- _WHAT YOU WILL DO_
Here are some records. Repeat them all exactly.

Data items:
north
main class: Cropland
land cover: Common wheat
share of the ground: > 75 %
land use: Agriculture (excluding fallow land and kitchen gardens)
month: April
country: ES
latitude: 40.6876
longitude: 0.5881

- _ANSWER BOX_
north
main class: Cropland
land cover: Common wheat
share of the ground: > 75 %
land use: Agriculture (excluding fallow land and kitchen gardens)
month: April
country: ES
latitude: 40.6876
longitude: 0.5881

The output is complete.